I have my doubts, because empire flourishes in spite of Goth, and in spite of the Sisters of Mercy, but but but but but but but but but but but but but but but but but but but but but but but but but but but but but but but but but but but but but but but but but but but but but but but but…and yet, when I turn the song on now, and it cuts in just a tiny fraction off the beat, and there’s the bass and there’s the voice and something happens to me. It’s not the same thing that happened to me then, but it’s related, and it folds those two moments over each other. It’s a submerged path I’m following, a subterranean passage.

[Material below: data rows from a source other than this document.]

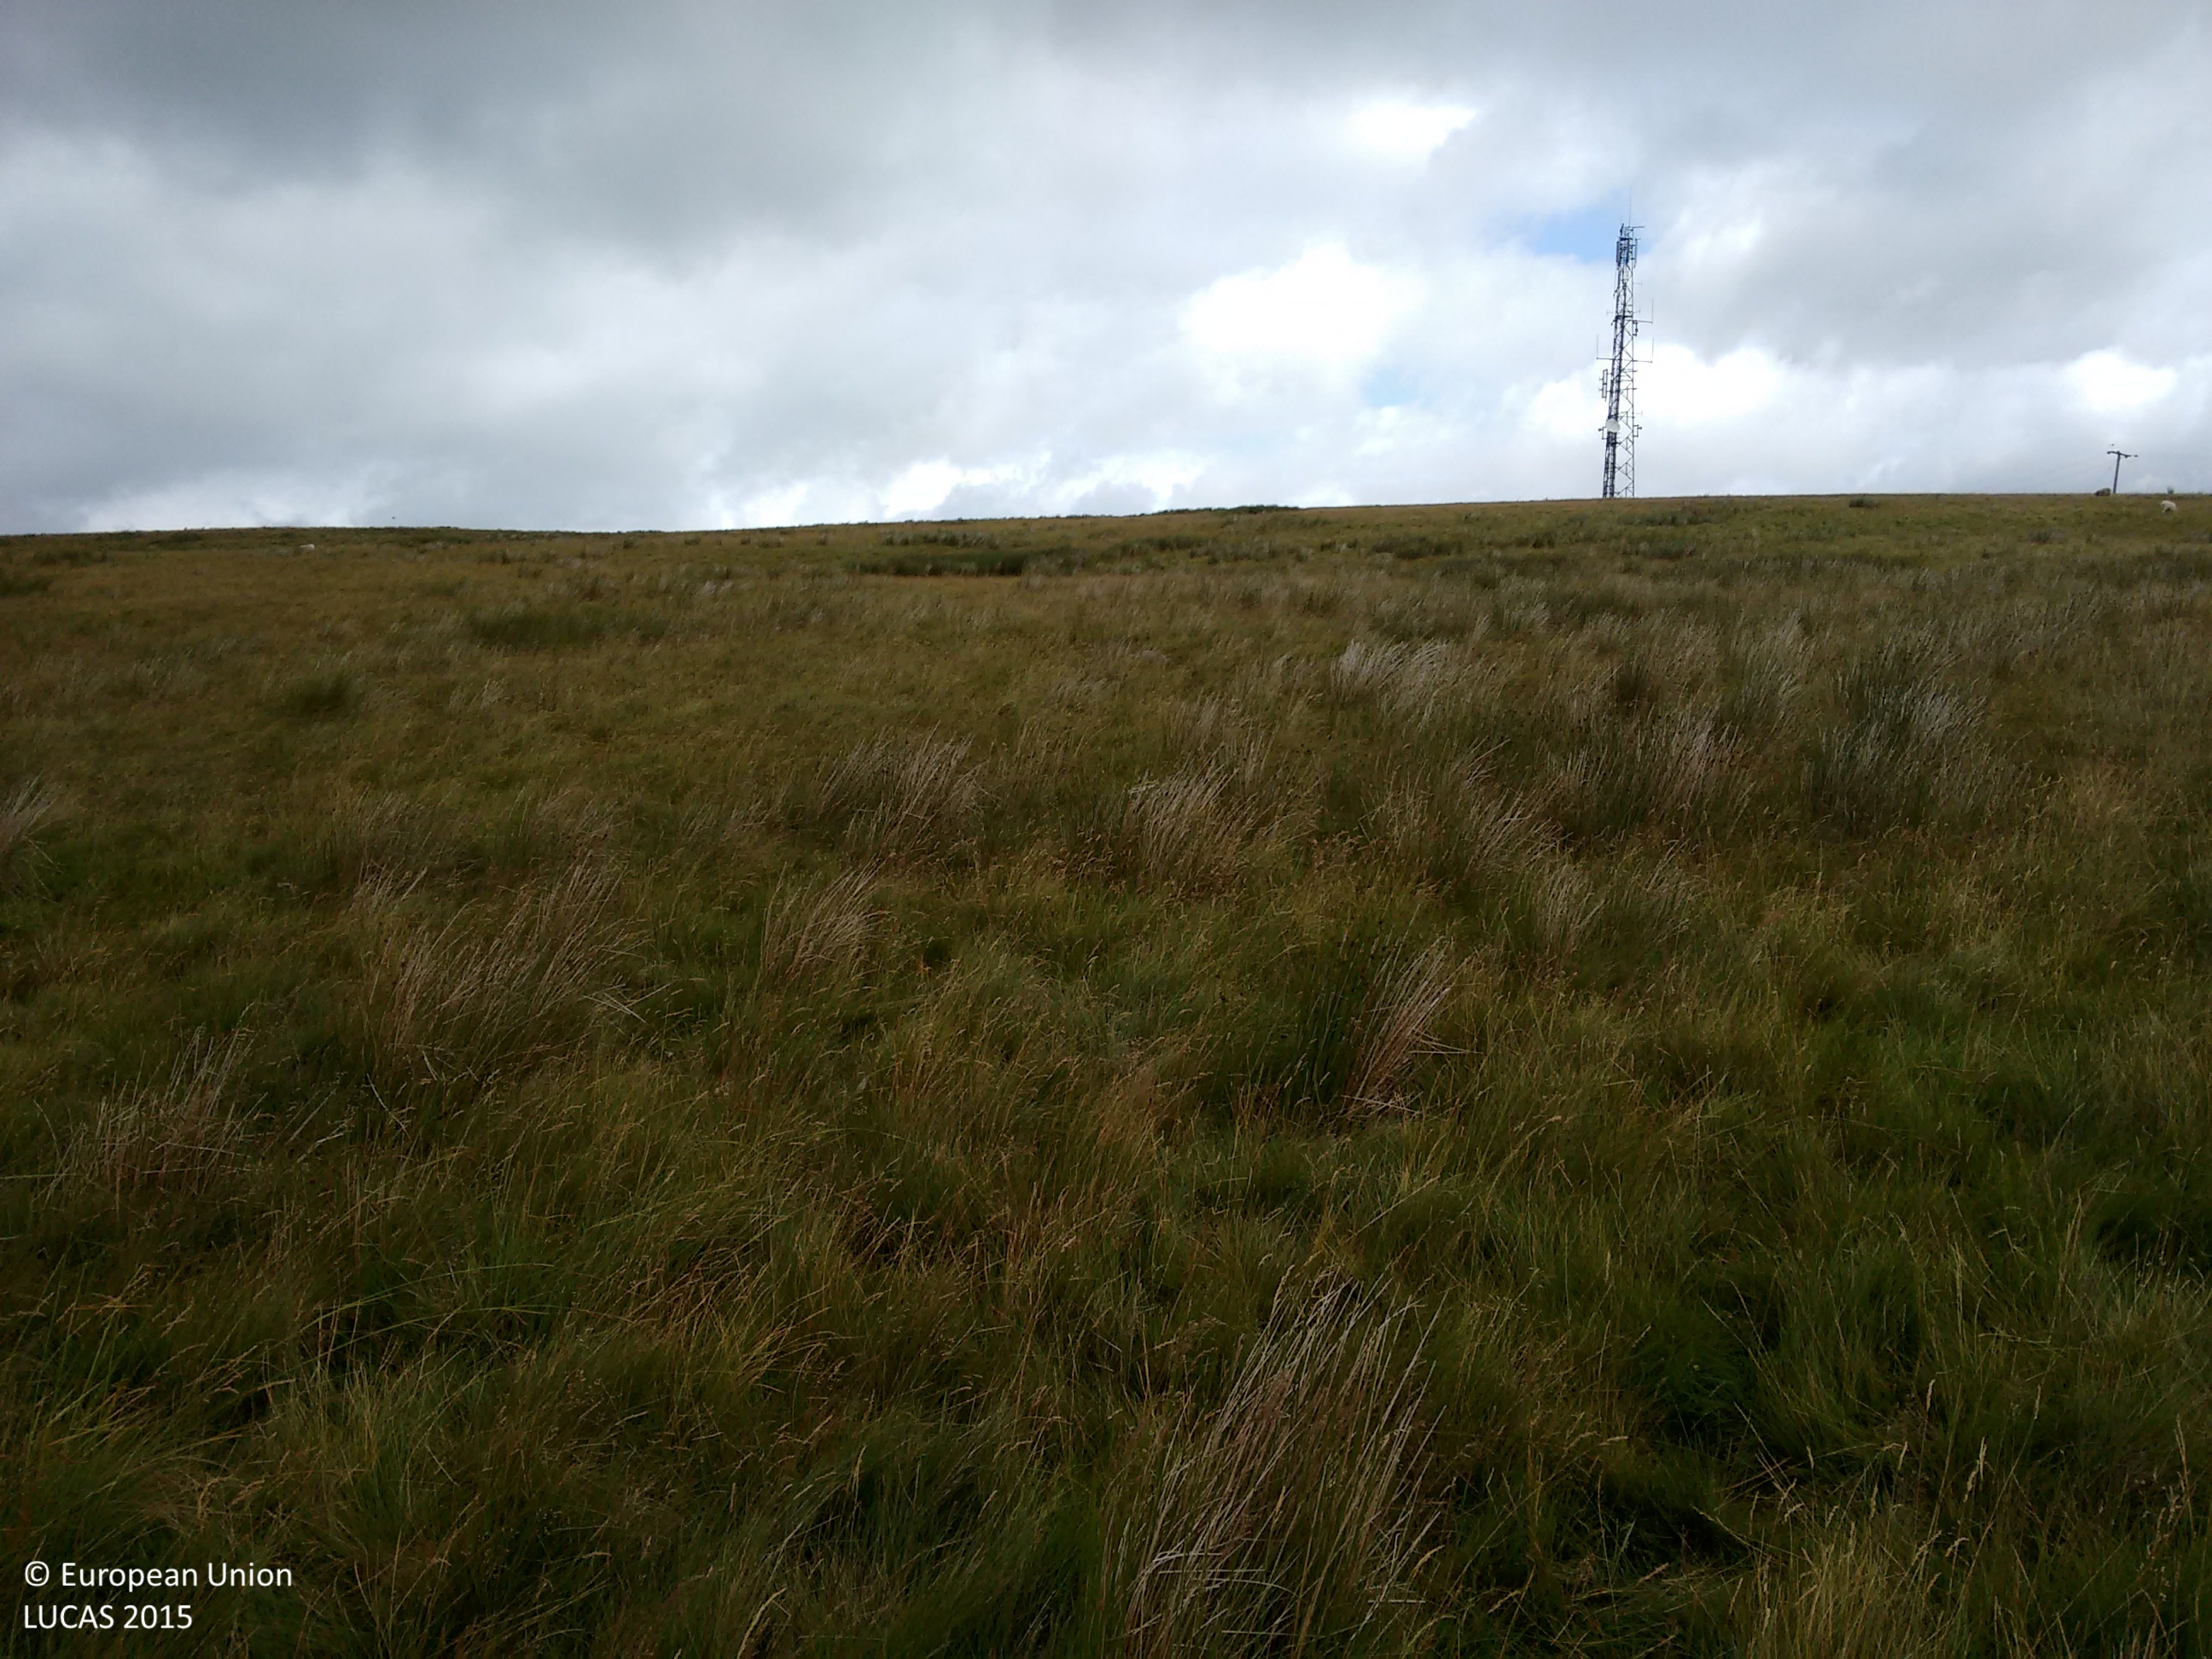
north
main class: Grassland
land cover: Grassland without tree/shrub cover
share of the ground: > 75 %
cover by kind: herbaceous plants 100 %
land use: Agriculture (excluding fallow land and kitchen gardens)
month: July
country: GB
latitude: 51.7385
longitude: -3.4203
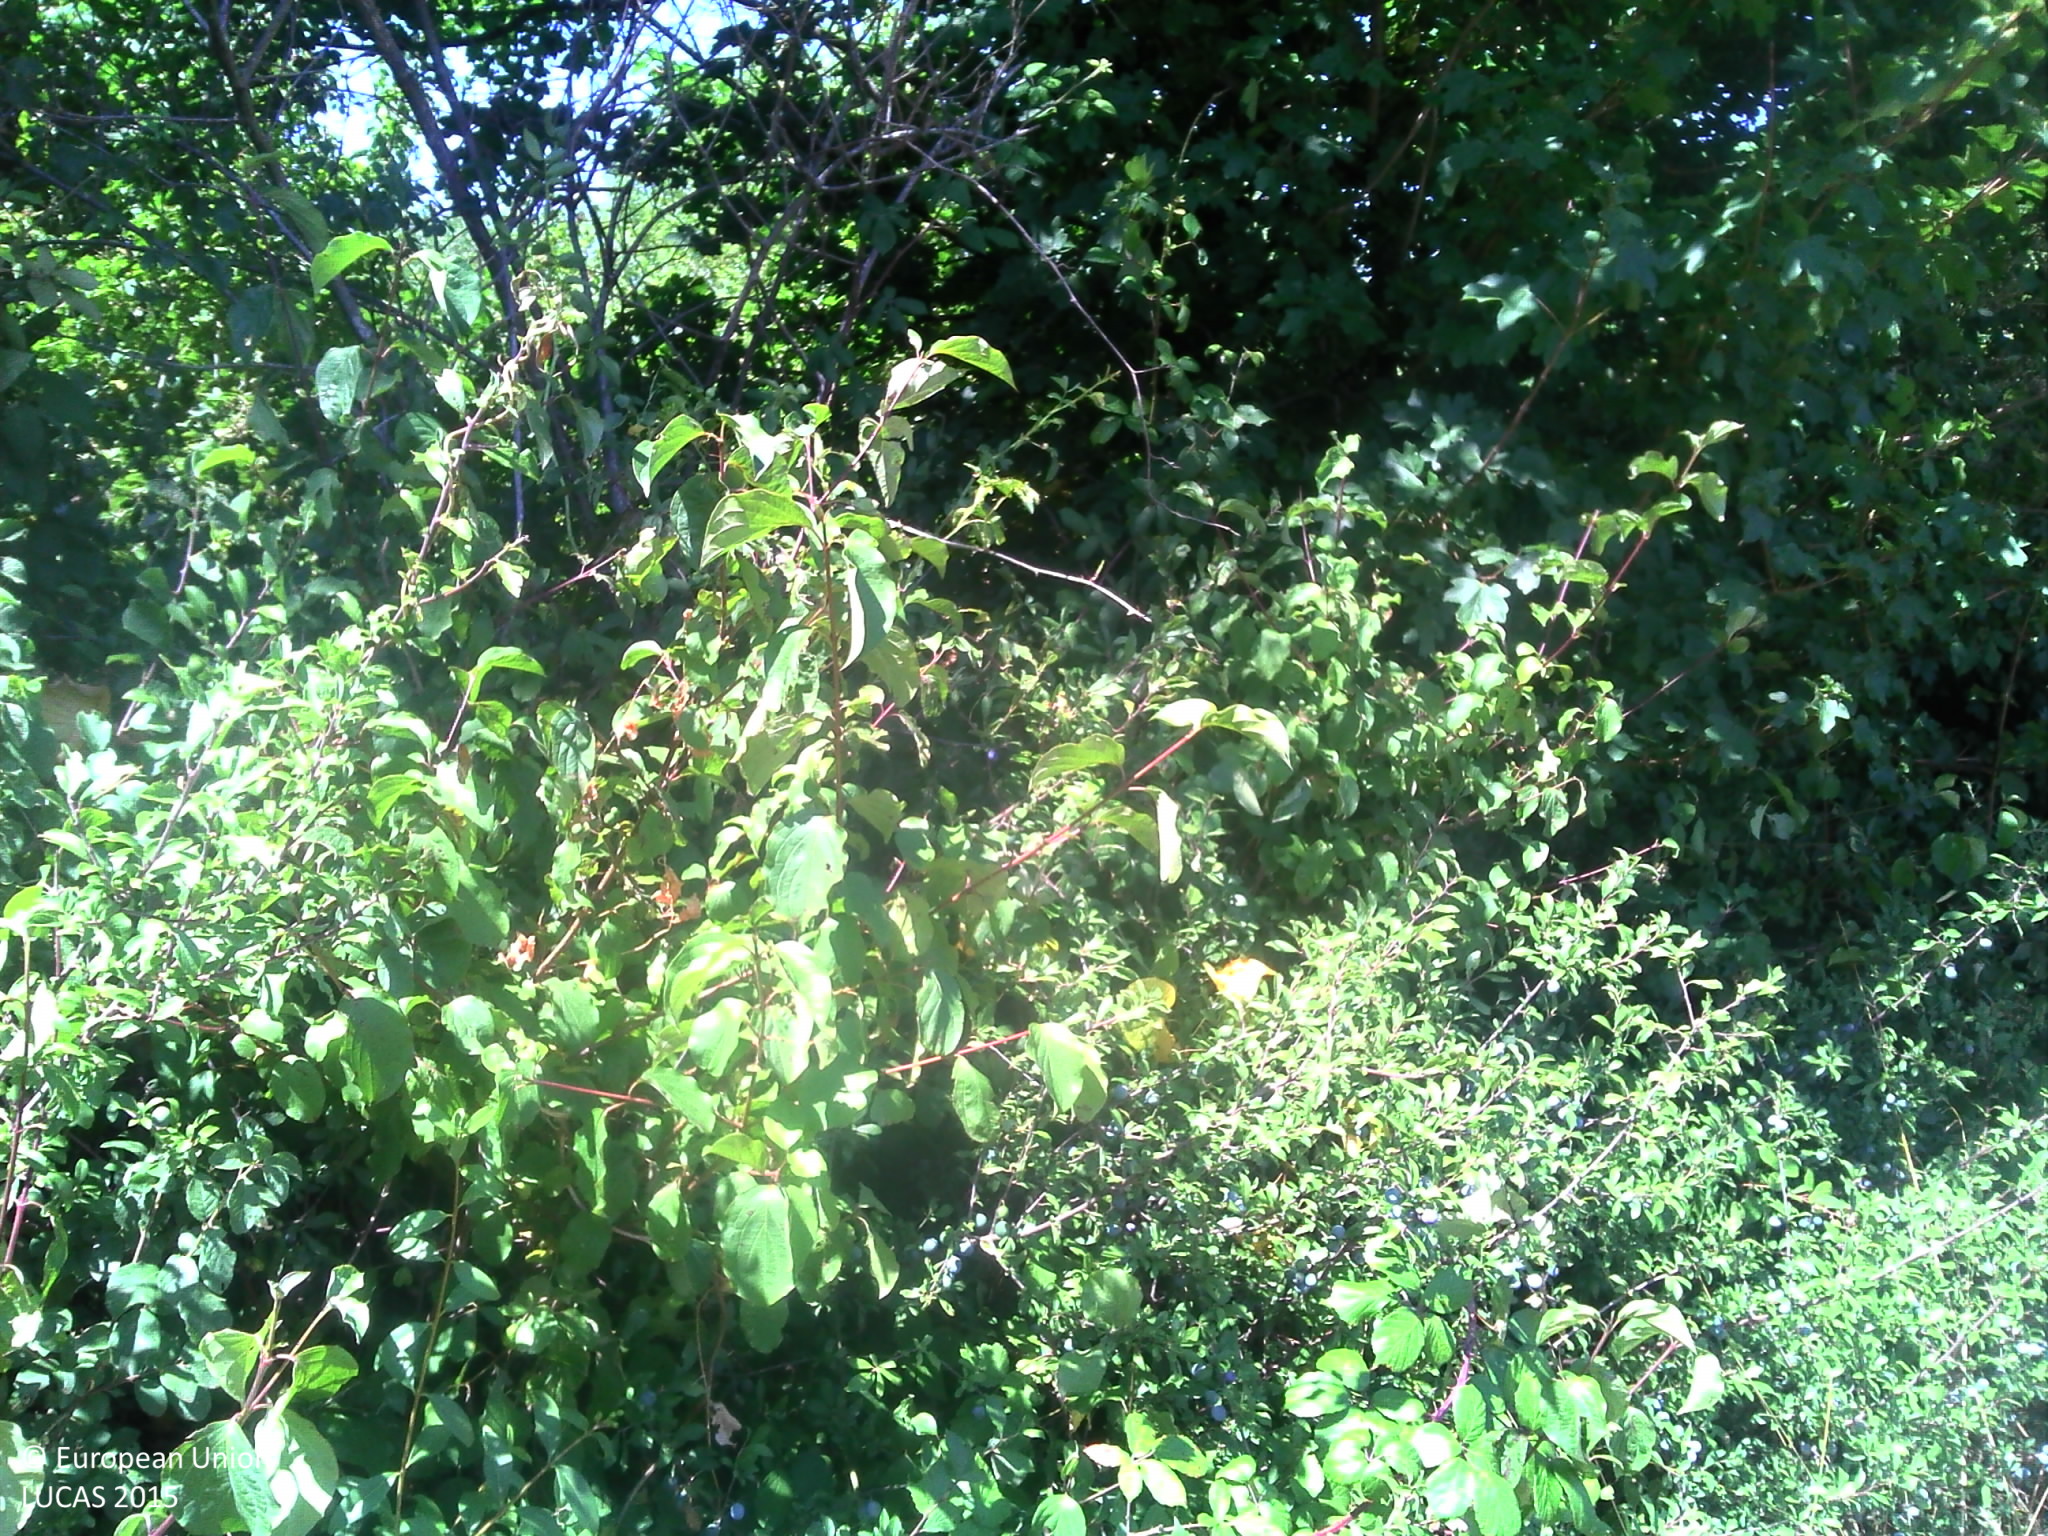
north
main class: Woodland
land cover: Broadleaved woodland
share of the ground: > 75 %
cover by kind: broadleaved forest trees 90 %, shrubs 5 %, herbaceous plants 5 %
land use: Semi-natural and natural areas not in use
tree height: < 5 m
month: July
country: FR
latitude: 45.5985
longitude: 4.9145

Goth songs are songs of dissent, of disconnection, of spectral self-involvement, of opting out from one culture and into another. Goth dance songs like “Lucretia” do something else: If they don’t quite get us to collective action, they can get us to collectivity, if only on the dance floor.
That is what Goth is: a summoning, an opting out, a turning inward, and a performing outward, out there with other bodies, moving. That summoning / that turning doesn’t have to be public, though it’s dramatic when it is (the eyeliner and the white face paint sure signifies something—something terrifying, a reminder of our own mortality and the long game of time, which as the Silver Jews remind us, only children play well). It can be a private opting out too that we do when we listen to a song, when we let ourselves get caught up in a song. In doing so we choose to live in another’s world, let it articulate emotions that we otherwise can’t or won’t or haven’t thought of yet until we hear it, and we let it hold us as long as it will.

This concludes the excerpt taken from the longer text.